The fix the database wants is conceptually simple: start the read before you need the result, so storage latency overlaps with useful CPU work or with other in-flight reads. That is asynchronous I/O. But true async I/O is hard to do portably and hard to thread through a buffer pool whose entire contract was “ReadBuffer gives you a pinned, valid page.” So PostgreSQL got there in stages, each one buying a slice of the benefit while the harder plumbing matured underneath. The next four eras trace that climb; the mechanism endpoints live in postgres-aio.md.

timeline
    title PostgreSQL I/O — synchronous reads to asynchronous I/O
    section Pre-9.0 (baseline)
        Synchronous buffered reads : ReadBuffer -> blocking pread(2)
                                    : one miss = one stall
                                    : kernel readahead is the only concurrency
    section 9.0 (2010)
        posix_fadvise prefetch : PrefetchBuffer() added to bufmgr
                               : POSIX_FADV_WILLNEED hint to kernel
                               : wired into bitmap heap scans
                               : gated by effective_io_concurrency
    section 15 (2022)
        WAL prefetch in recovery : xlogprefetcher.c look-ahead
                                  : fadvise for blocks redo will touch
                                  : recovery_prefetch + maintenance_io_concurrency
    section 17 (2024)
        Read stream abstraction : read_stream.c producer/consumer
                                : block-number callback -> vectored reads
                                : io_combine_limit coalescing
                                : adaptive look-ahead distance
                                : retrofit seq scan / ANALYZE / VACUUM
    section 18 (2025)
        Asynchronous I/O subsystem : aio.c + PgAioHandle state machine
                                   : IoMethodOps vtable sync/worker/io_uring
                                   : B_IO_WORKER processes (default)
                                   : io_uring rings per backend (Linux)
                                   : read_stream on true async completion

Era 0 — Synchronous buffered reads (the long baseline, pre-9.0)

Section titled “Era 0 — Synchronous buffered reads (the long baseline, pre-9.0)”

What it was. The read path that PostgreSQL carried essentially unchanged from its earliest releases through the 8.x line. The shape is still the fallback shape in REL_18, so it is worth pinning down precisely because every later era is defined as a departure from it.

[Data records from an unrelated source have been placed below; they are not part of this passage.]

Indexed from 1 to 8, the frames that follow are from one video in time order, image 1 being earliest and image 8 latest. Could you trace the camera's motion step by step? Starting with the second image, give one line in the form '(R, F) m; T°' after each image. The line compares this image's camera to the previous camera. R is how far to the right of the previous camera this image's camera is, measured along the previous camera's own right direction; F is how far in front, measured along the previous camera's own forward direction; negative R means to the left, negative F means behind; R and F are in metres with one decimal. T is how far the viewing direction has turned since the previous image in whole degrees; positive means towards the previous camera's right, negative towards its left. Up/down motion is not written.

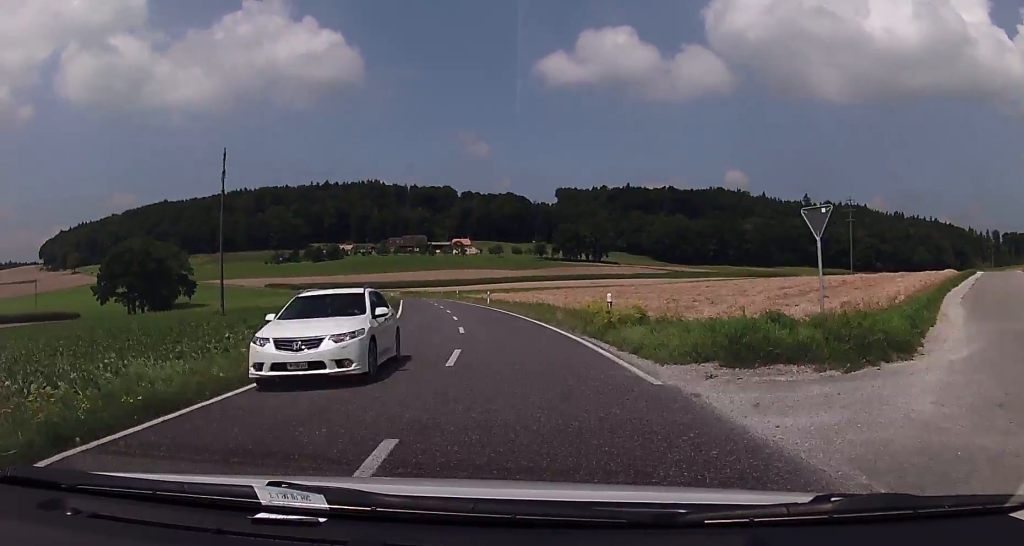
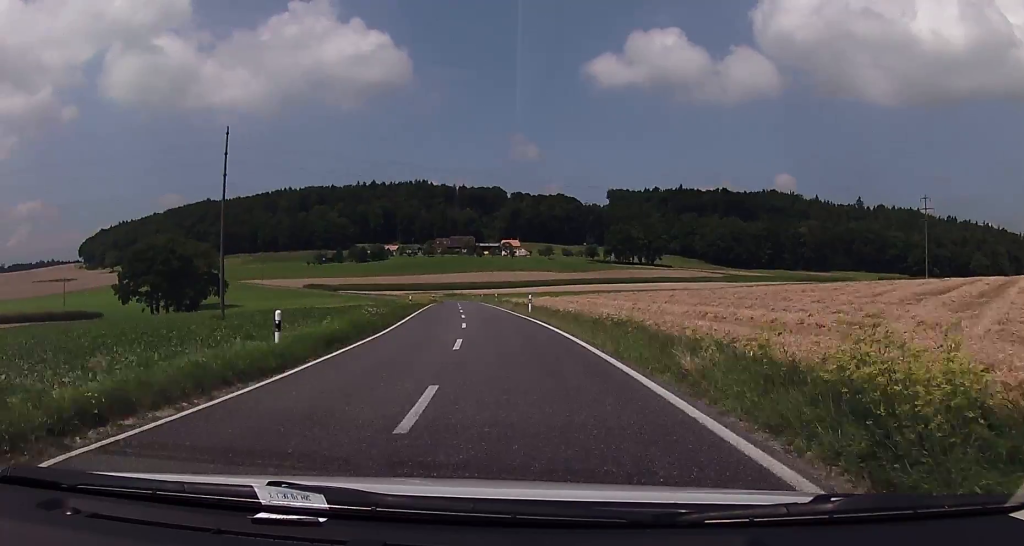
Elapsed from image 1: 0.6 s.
(-0.1, +14.4) m; -4°
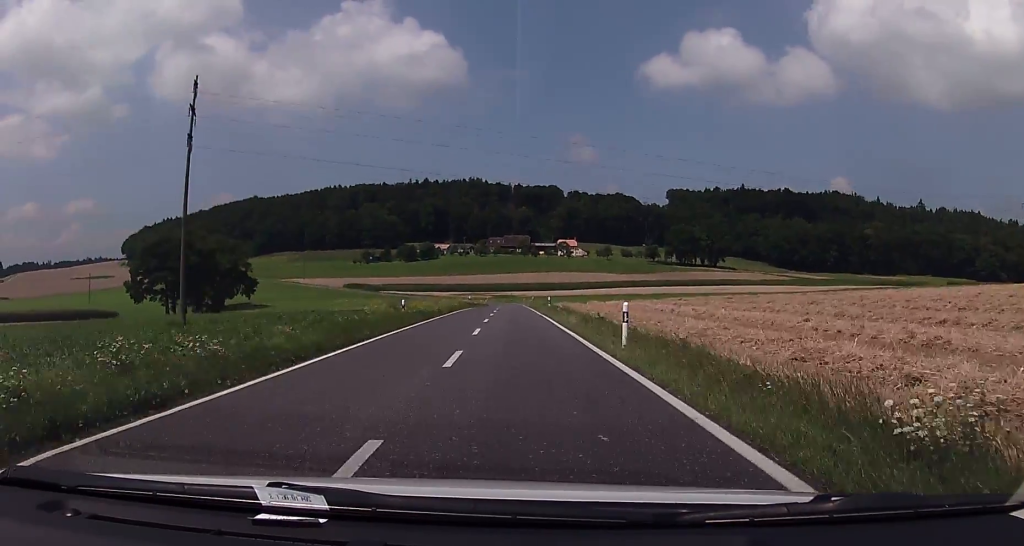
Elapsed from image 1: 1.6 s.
(-1.4, +21.9) m; -6°
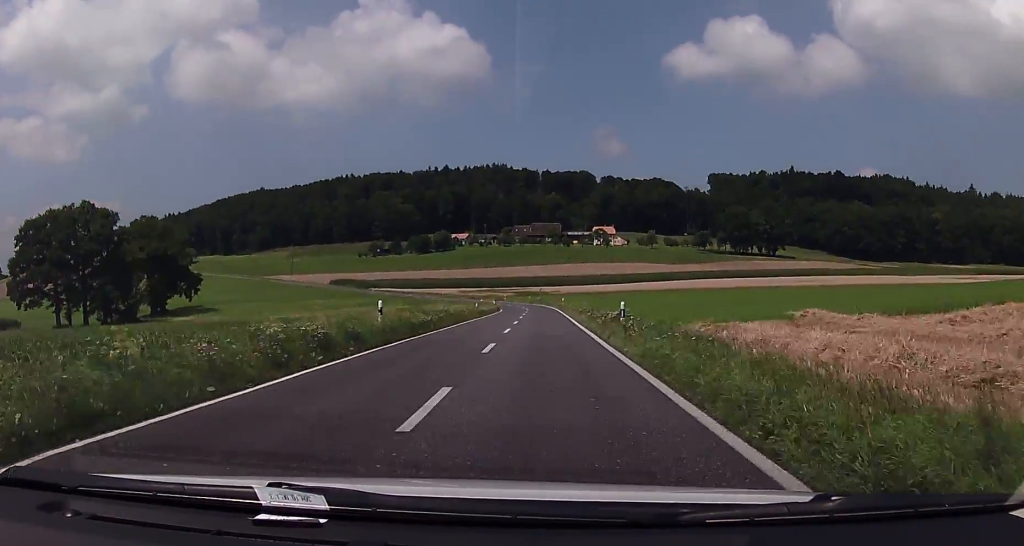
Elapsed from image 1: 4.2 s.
(-2.3, +59.8) m; -3°
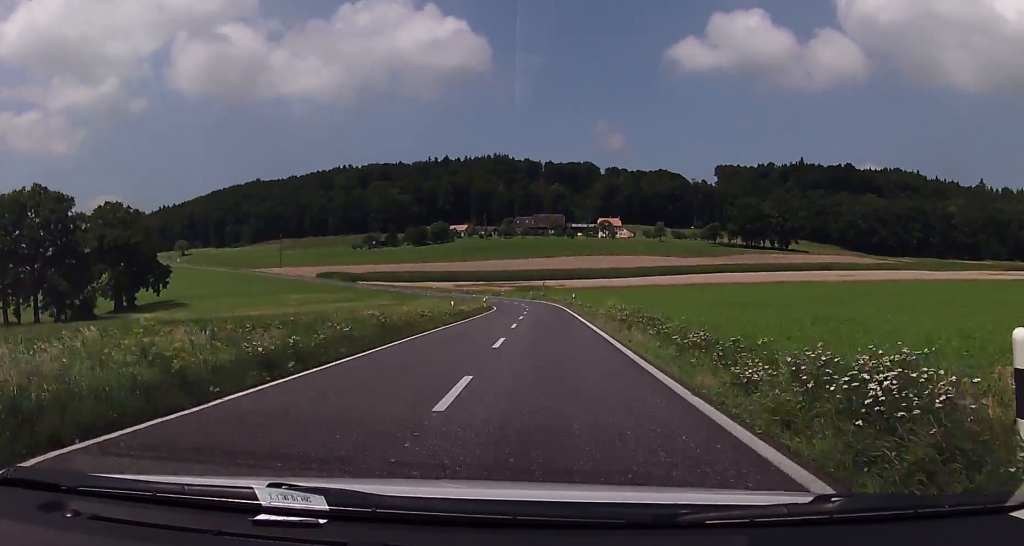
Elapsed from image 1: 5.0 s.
(0.0, +16.8) m; 0°
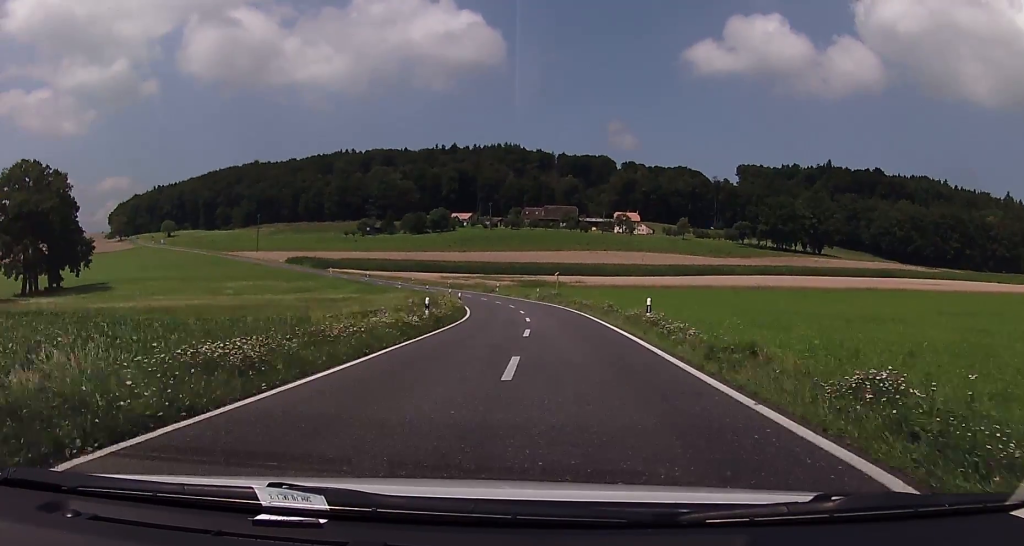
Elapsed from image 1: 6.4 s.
(+0.2, +33.3) m; 0°
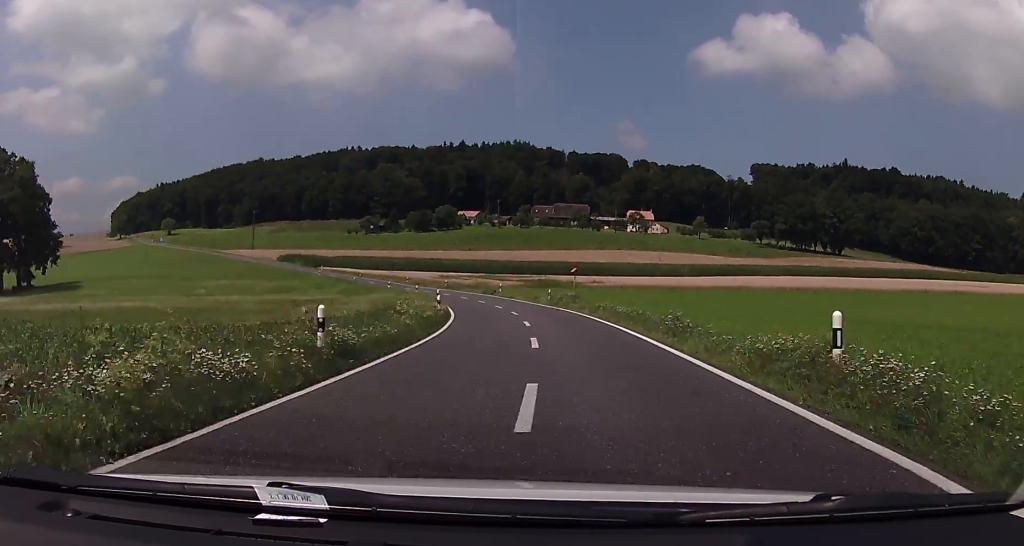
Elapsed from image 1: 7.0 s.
(-0.1, +12.8) m; -1°
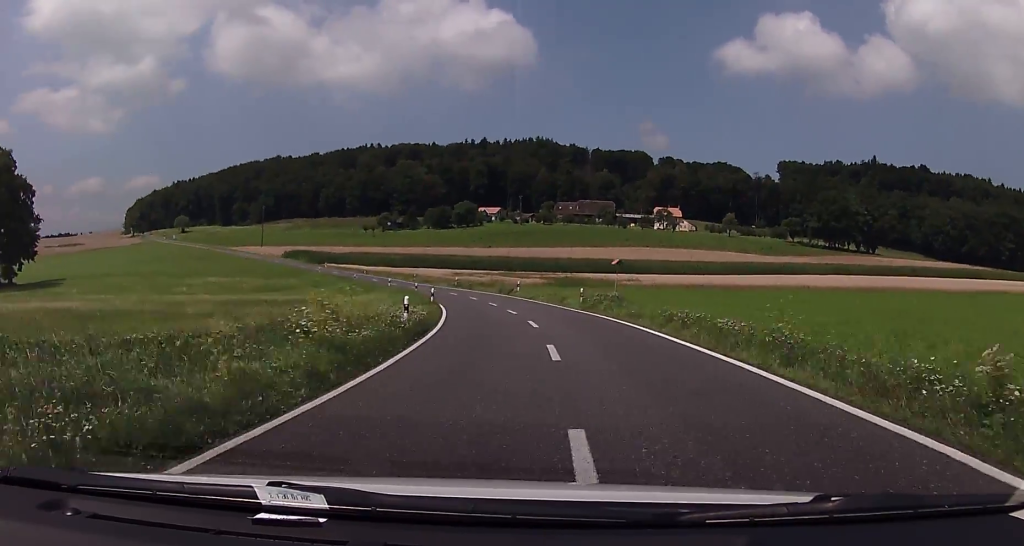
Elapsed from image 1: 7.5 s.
(+0.1, +12.0) m; -1°

A backend that needs block N of a relation fork calls ReadBuffer (today ReadBufferExtended / ReadBuffer_common in src/backend/storage/buffer/bufmgr.c). The buffer manager:

  1. computes the buffer tag (rel, fork, block) and probes the partitioned buffer-mapping hash;
  2. on a hit, pins the existing frame and returns — no I/O;
  3. on a miss, runs clock-sweep to select a victim frame (GetVictimBuffer), evicts it (flushing first if dirty, honoring the WAL-before-flush rule), and then issues the read.

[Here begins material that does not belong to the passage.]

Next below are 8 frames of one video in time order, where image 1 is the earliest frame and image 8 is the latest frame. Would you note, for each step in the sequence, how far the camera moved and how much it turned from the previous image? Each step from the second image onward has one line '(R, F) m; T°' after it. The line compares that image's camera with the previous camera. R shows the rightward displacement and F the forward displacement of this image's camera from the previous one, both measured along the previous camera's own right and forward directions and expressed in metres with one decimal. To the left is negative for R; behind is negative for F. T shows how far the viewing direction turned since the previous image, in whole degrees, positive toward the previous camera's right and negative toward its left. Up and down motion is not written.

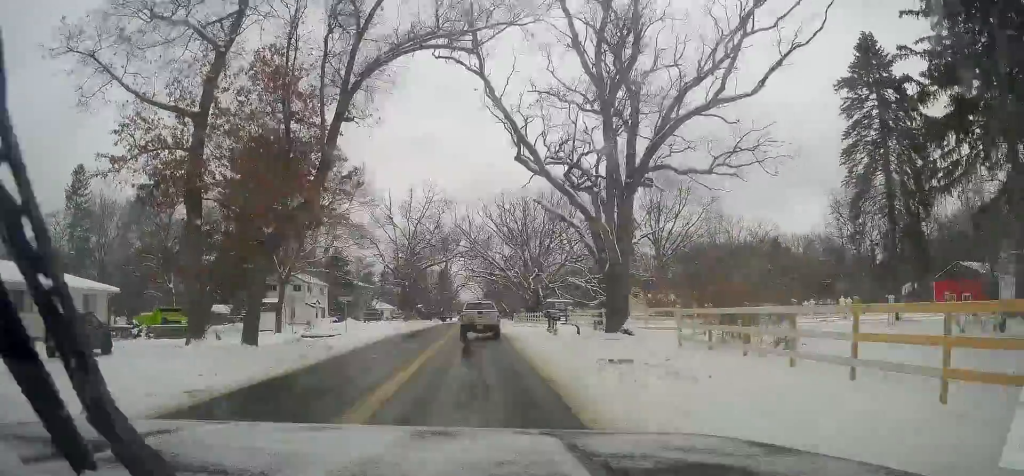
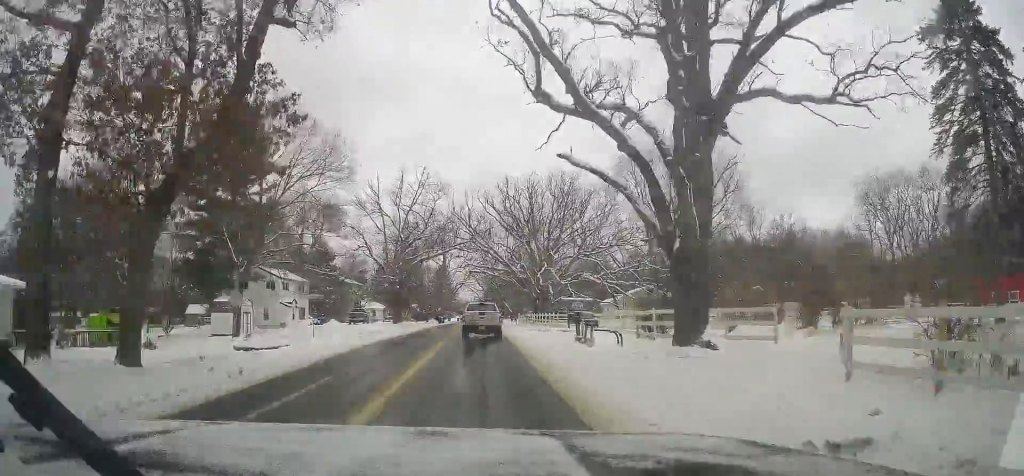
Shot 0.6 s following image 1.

The read itself is a single blocking call down the storage stack: smgrreadmdreadFileReadpread(2) against the segment file descriptor (see postgres-buffer-manager.md for the pin/evict mechanics). The calling process is parked by the kernel scheduler until pread returns the 8 KB page. There is no overlap: the backend does nothing else while the read is outstanding, and it has exactly one read outstanding.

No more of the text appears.